When you repeat the entries below, keep each word exactly as it is and drop the pictures.

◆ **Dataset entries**
- - - -
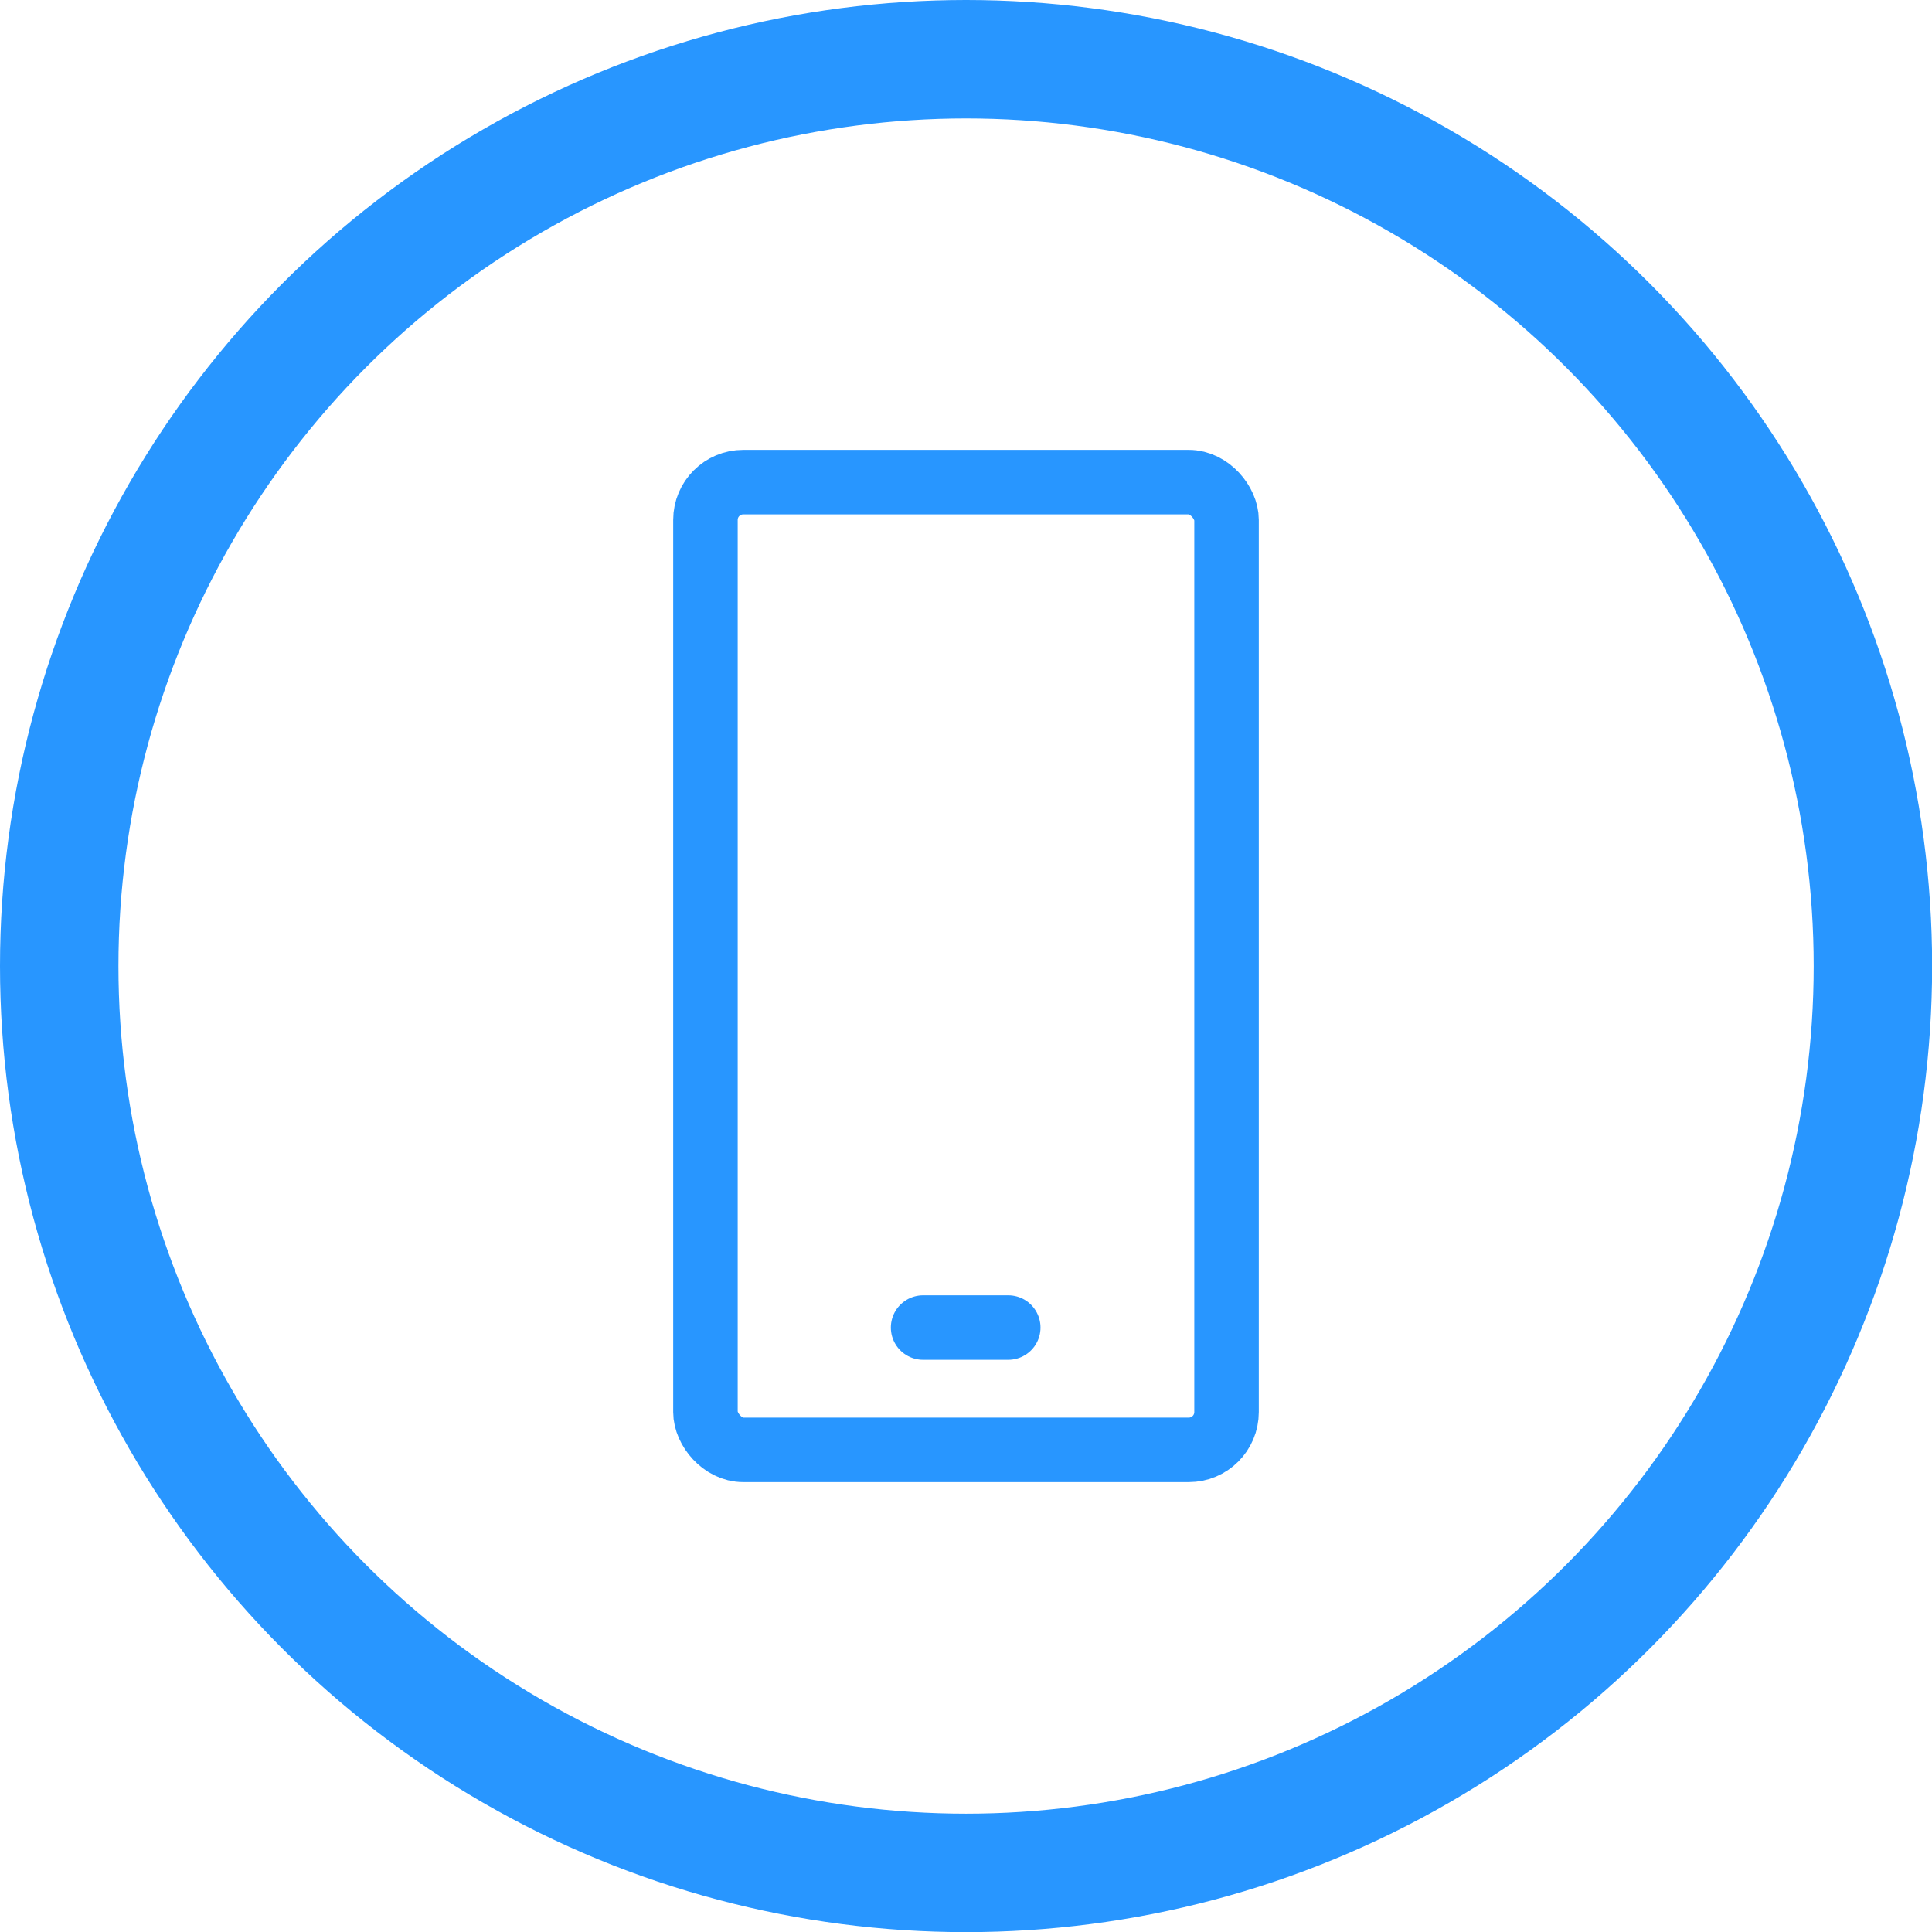 <?xml version="1.0" encoding="UTF-8"?>
<svg id="Capa_2" data-name="Capa 2" xmlns="http://www.w3.org/2000/svg" viewBox="0 0 149.75 149.75">
  <defs>
    <style>
      .cls-1, .cls-2 {
        stroke-width: 5px;
      }

      .cls-1, .cls-2, .cls-3 {
        fill: none;
        stroke: #2896ff;
      }

      .cls-1, .cls-3 {
        stroke-linecap: round;
        stroke-linejoin: round;
      }

      .cls-2 {
        stroke-miterlimit: 10;
      }

      .cls-3 {
        stroke-width: 9.18px;
      }
    </style>
  </defs>
  <g id="Capa_1-2" data-name="Capa 1">
    <g>
      <g>
        <rect class="cls-2" x="54.68" y="37.37" width="40.39" height="75.01" rx="2.93" ry="2.93"/>
        <line class="cls-1" x1="71.55" y1="102.9" x2="78.15" y2="102.9"/>
      </g>
      <circle class="cls-3" cx="74.88" cy="74.88" r="70.29"/>
    </g>
  </g>
</svg>
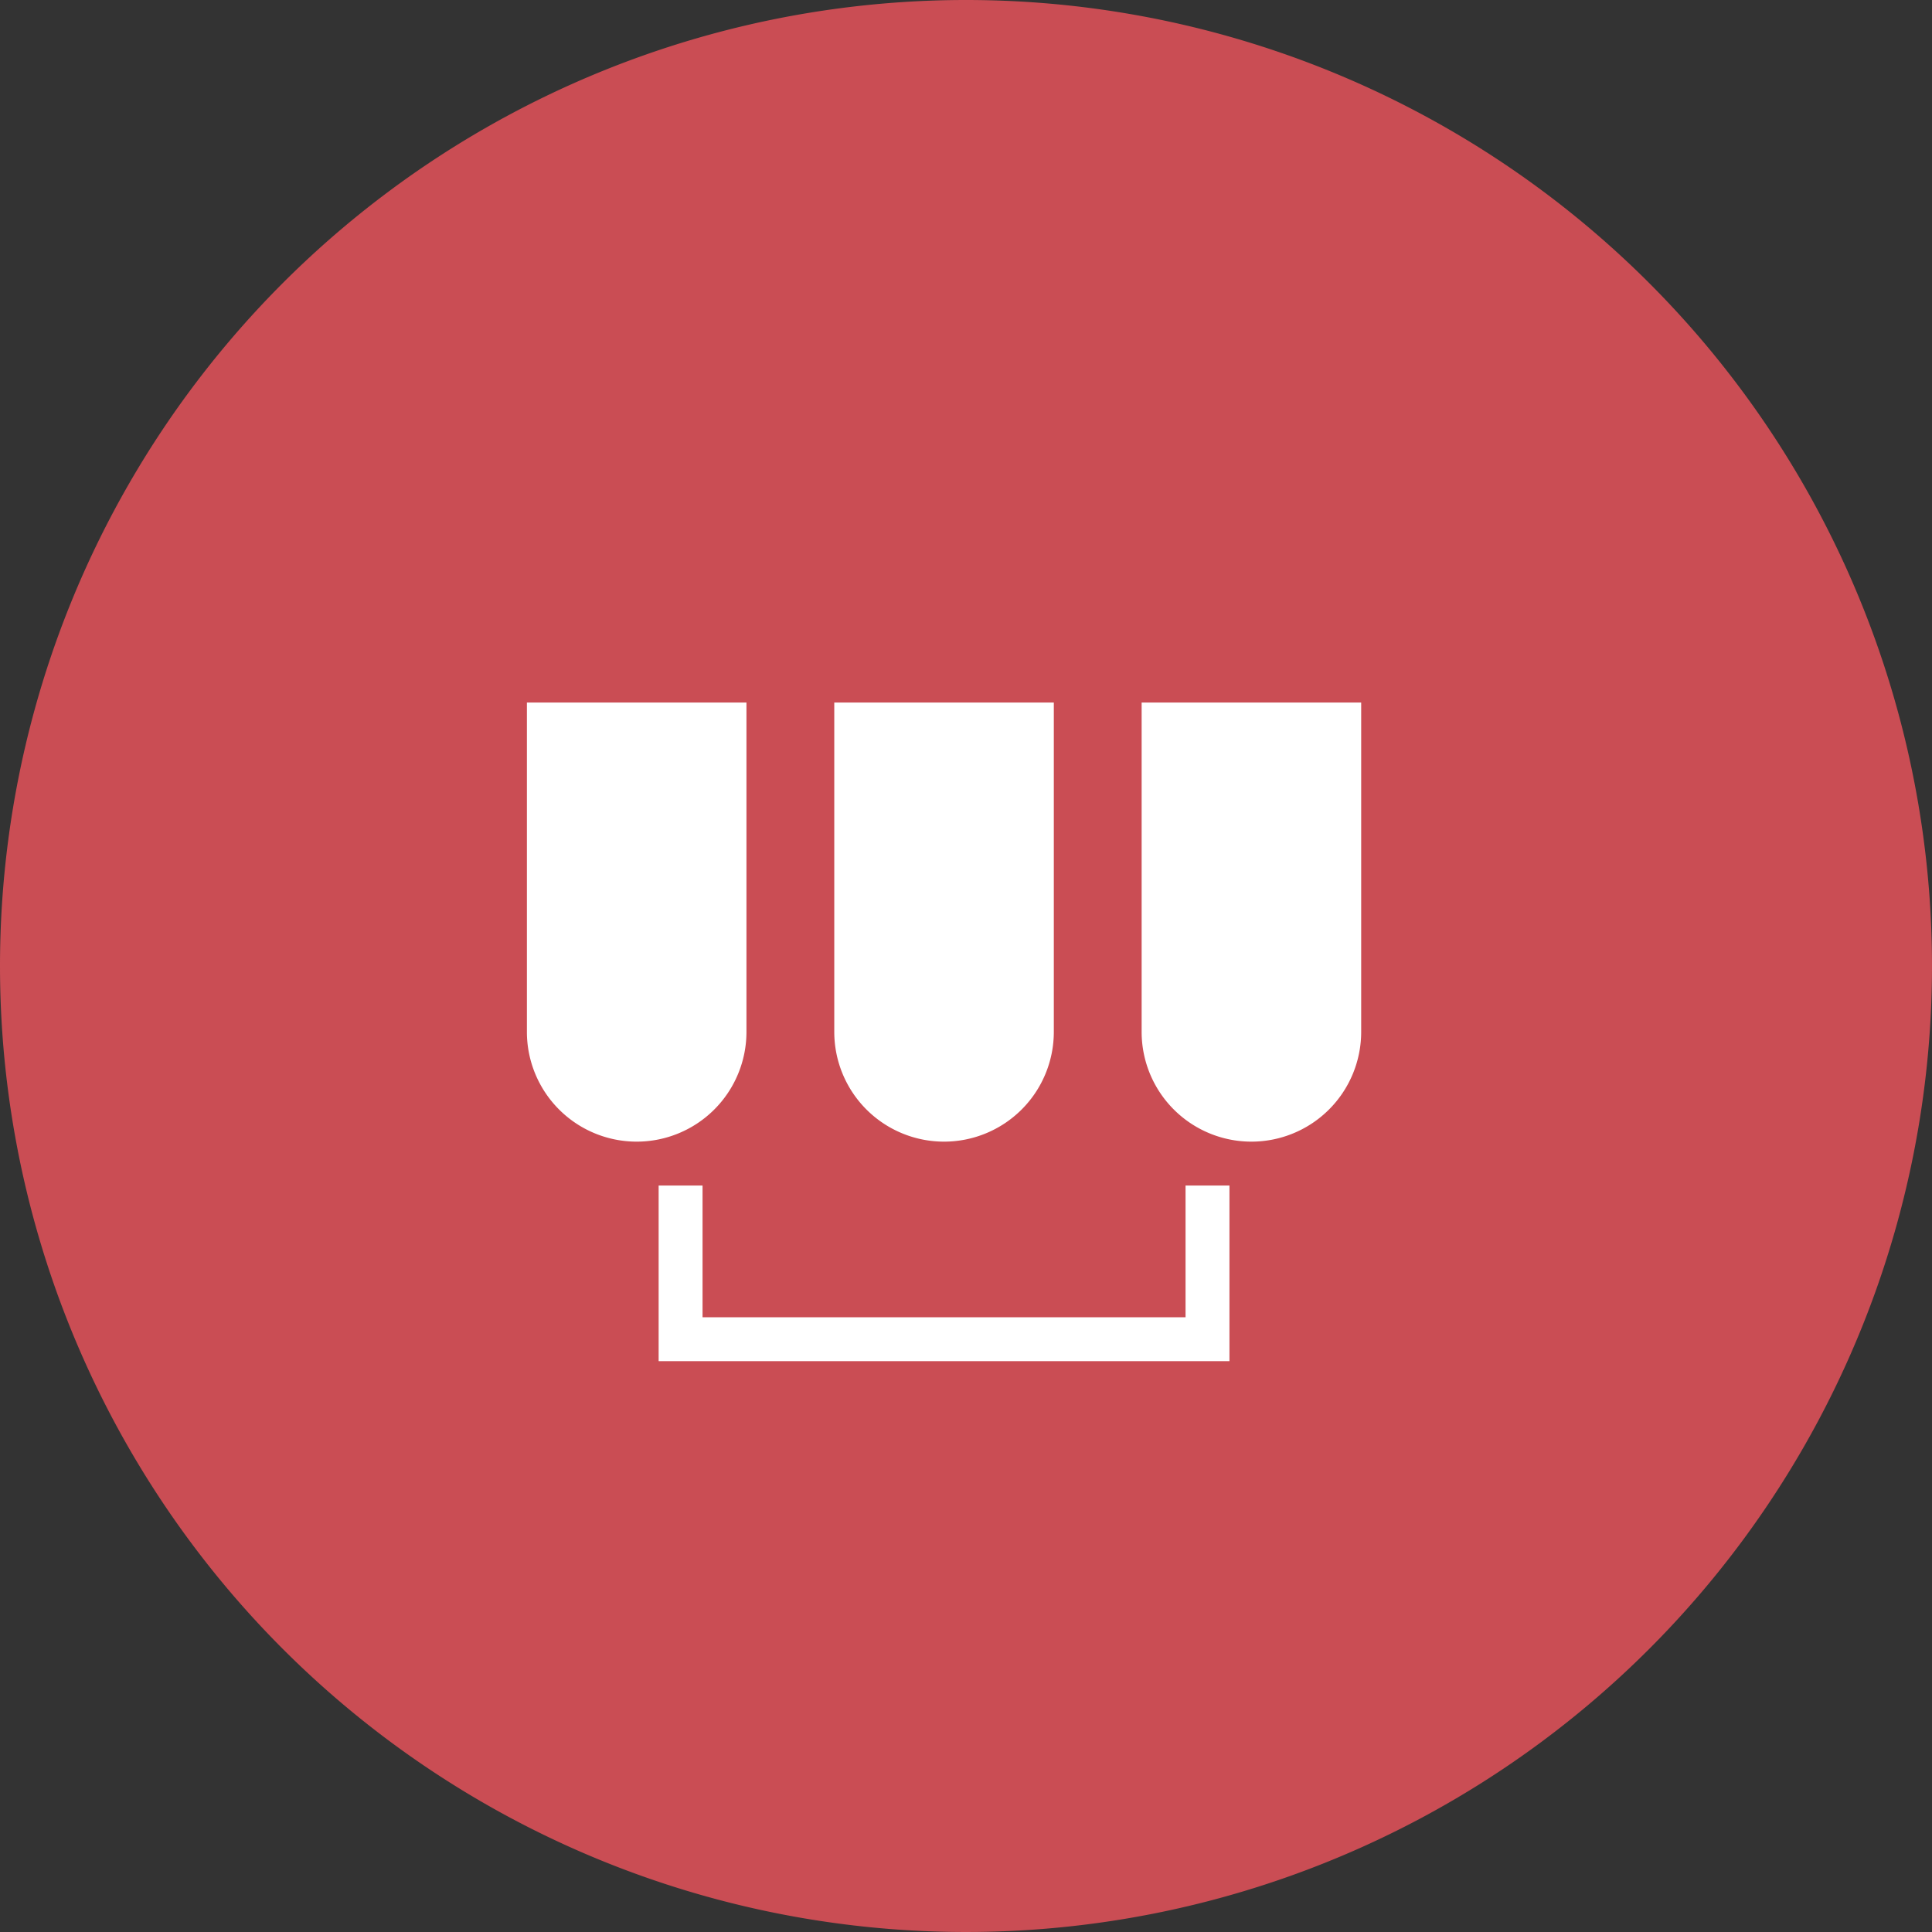 <svg xmlns="http://www.w3.org/2000/svg" width="44" height="44" viewBox="0 0 44 44"><rect x="0" y="0" width="44" height="44" fill="#333333" stroke="none"/><defs><style>.a{fill:#ca4d54;}.b{fill:#fff;}</style></defs><g transform="translate(-290 -3673)"><path class="a" d="M22,0A22,22,0,1,1,0,22,22,22,0,0,1,22,0Z" transform="translate(290 3673)"/><path class="b" d="M847-4318H835v-4h1v3h11v-3h1v4Zm-1-7.5v-7.5h5v7.5a2.5,2.5,0,0,1-2.5,2.5A2.5,2.5,0,0,1,846-4325.5Zm-7,0v-7.5h5v7.5a2.5,2.5,0,0,1-2.5,2.5A2.5,2.5,0,0,1,839-4325.5Zm-7,0v-7.5h5v7.5a2.5,2.5,0,0,1-2.5,2.5A2.5,2.5,0,0,1,832-4325.5Z" transform="translate(-530 8022)"/></g></svg>
- - - -
◆ **RESPONSE BELOW**
 <?xml version="1.0" encoding="UTF-8"?>
<svg id="Capa_2" data-name="Capa 2" xmlns="http://www.w3.org/2000/svg" viewBox="0 0 149.75 149.75">
  <defs>
    <style>
      .cls-1, .cls-2 {
        stroke-width: 5px;
      }

      .cls-1, .cls-2, .cls-3 {
        fill: none;
        stroke: #2896ff;
      }

      .cls-1, .cls-3 {
        stroke-linecap: round;
        stroke-linejoin: round;
      }

      .cls-2 {
        stroke-miterlimit: 10;
      }

      .cls-3 {
        stroke-width: 9.18px;
      }
    </style>
  </defs>
  <g id="Capa_1-2" data-name="Capa 1">
    <g>
      <g>
        <rect class="cls-2" x="54.68" y="37.37" width="40.39" height="75.01" rx="2.93" ry="2.93"/>
        <line class="cls-1" x1="71.55" y1="102.9" x2="78.15" y2="102.9"/>
      </g>
      <circle class="cls-3" cx="74.88" cy="74.88" r="70.29"/>
    </g>
  </g>
</svg>
 <svg xmlns="http://www.w3.org/2000/svg" width="44" height="44" viewBox="0 0 44 44"><rect x="0" y="0" width="44" height="44" fill="#333333" stroke="none"/><defs><style>.a{fill:#ca4d54;}.b{fill:#fff;}</style></defs><g transform="translate(-290 -3673)"><path class="a" d="M22,0A22,22,0,1,1,0,22,22,22,0,0,1,22,0Z" transform="translate(290 3673)"/><path class="b" d="M847-4318H835v-4h1v3h11v-3h1v4Zm-1-7.5v-7.5h5v7.5a2.5,2.5,0,0,1-2.5,2.5A2.5,2.5,0,0,1,846-4325.5Zm-7,0v-7.5h5v7.5a2.5,2.5,0,0,1-2.5,2.5A2.5,2.5,0,0,1,839-4325.5Zm-7,0v-7.5h5v7.5a2.5,2.5,0,0,1-2.5,2.5A2.5,2.5,0,0,1,832-4325.5Z" transform="translate(-530 8022)"/></g></svg>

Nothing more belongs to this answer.